Baca berita tanpa iklan. Gabung Kompas.com+

Kisah Laut Aral yang Mengering dan Menjadi Tanah Tandus

Kompas.com - 18/05/2024, 14:00 WIB
Annisa Fakhira Mulya Wahyudi,
Resa Eka Ayu Sartika

Tim Redaksi

KOMPAS.com - Enam puluh tahun yang lalu, Laut Aral mulai mengering, meninggalkan tanah yang asin dan tandus.

Pembelajaran yang didapat dari sini akan membantu wilayah lain di dunia yang alami perubahan iklim.

Baca juga: Komitmen Kazakhstan Selamatkan Cekungan Laut Aral dan Dampak Besarnya

Lanskap Laut Aral

Saat ini, desa Karauzyak di bagian barat Uzbekistan adalah tempat yang berdebu. Dikelilingi oleh lanskap gersang yang dipenuhi rerumputan kering dan tanah berpasir.

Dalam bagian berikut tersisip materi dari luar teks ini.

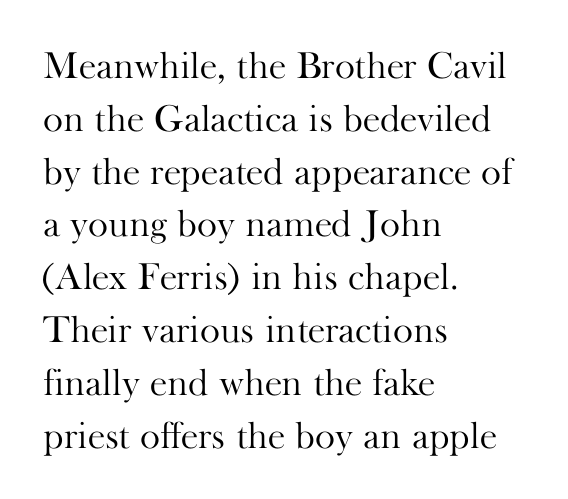
{"serif": "yes", "italic": "no", "bold": "no", "weight": "light", "width": "normal", "stroke_contrast": "high", "x_height": "small", "monospaced": "no", "underline": "no", "align": "left", "line_spacing": "normal", "line_spacing_ratio": 1.39, "letter_spacing": "normal", "letter_spacing_em": 0.0, "glyph_px": 38}

Dulunya, desa ini berada di pesisir danau terbesar ke empat di dunia, yaitu Laut Aral.

Selama 50 tahun terakhir, danau tersebut, yaitu Laut Aral, telah mengering hampir seluruhnya, sehingga sering disebut sebagai “bencana lingkungan terburuk di dunia”. Saat ini, sulit untuk bertani apa pun di Karauzyak.

Mulai tahun 1960-an, para pejabat Soviet mengalihkan sungai-sungai yang mengalir ke Laut Aral untuk memproduksi kapas di ladang-ladang terdekat.

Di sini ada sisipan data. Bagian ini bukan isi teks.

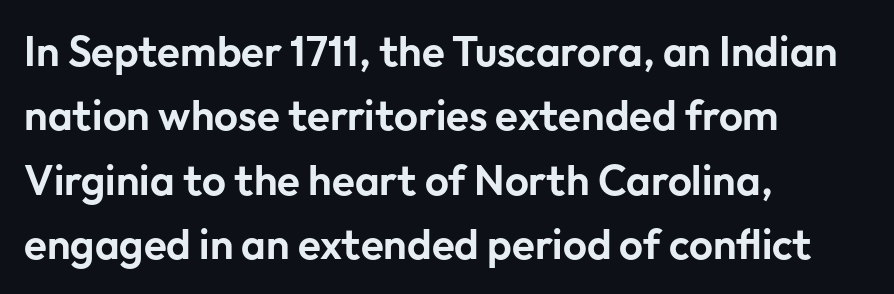
Q: Is the text italic (slanted)? A: No, it is upright.
Q: Is the typeface a serif or a sans-serif typeface? A: Sans-serif.
Q: Is the text underlined? A: No.
Q: How is the paragraph aligned? A: Left-aligned.
Q: Is the spacing between letters normal or unusually wide? A: Normal.
Q: Is the spacing between lines tight, normal or loose? A: Normal.
Q: Width (condensed, normal, or wide)? A: Normal.
Q: Stroke contrast? A: Low.
Q: x-height? A: Medium.
Q: Monospaced? A: No.
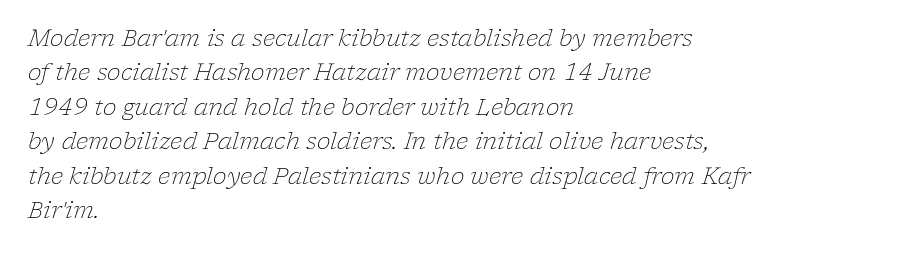
{"italic": "yes", "lean": "right", "slant_degrees": 17, "bold": "no", "underline": "no", "align": "left", "line_spacing": "normal", "line_spacing_ratio": 1.5, "letter_spacing": "normal", "letter_spacing_em": 0.0, "glyph_px": 23}

Tanpa adanya sungai yang secara teratur mengisi kembali Laut Aral danau besar tersebut mulai menguap, permukaan air menurun drastis, dan meninggalkan tanah yang semakin asin sehingga tanaman pangan tidak dapat bertumbuh, dikutip dari UN Chronicle.

Perubahan iklim menjadikan adaptasi ini semakin mendesak.

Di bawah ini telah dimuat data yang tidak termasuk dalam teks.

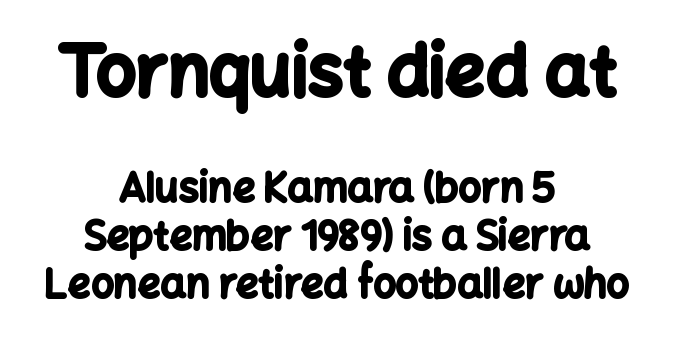
The image shows 70 px bold sans-serif type, upright; set centered, line spacing 1.2x, normal letter spacing, not underlined; the first (top) block is 1.75x larger; low stroke contrast and a medium x-height.
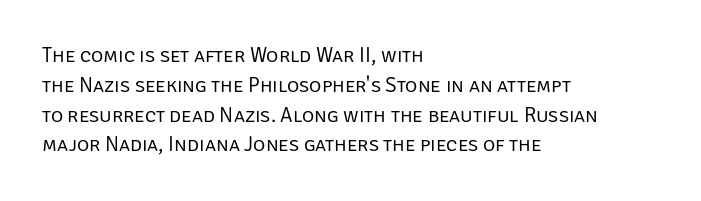
The image shows 21 px text type, upright; set left-aligned, normal line spacing (1.42x), normal letter spacing, not underlined.

Suhu rata-rata di cekungan Aral telah meningkat sekitar 3,6 derajat Fahrenheit sejak tahun 1968. Dan menyusutnya Laut Aral sendiri telah mempengaruhi iklim.

Baca juga: Alasan Dibalik Keringnya Laut Aral

Ketika air menghilang, udara menjadi lebih kering dan kehilangan efek pendinginan dari danau di dekatnya, menciptakan putaran umpan balik yang mengakibatkan cuaca lebih panas dan kering.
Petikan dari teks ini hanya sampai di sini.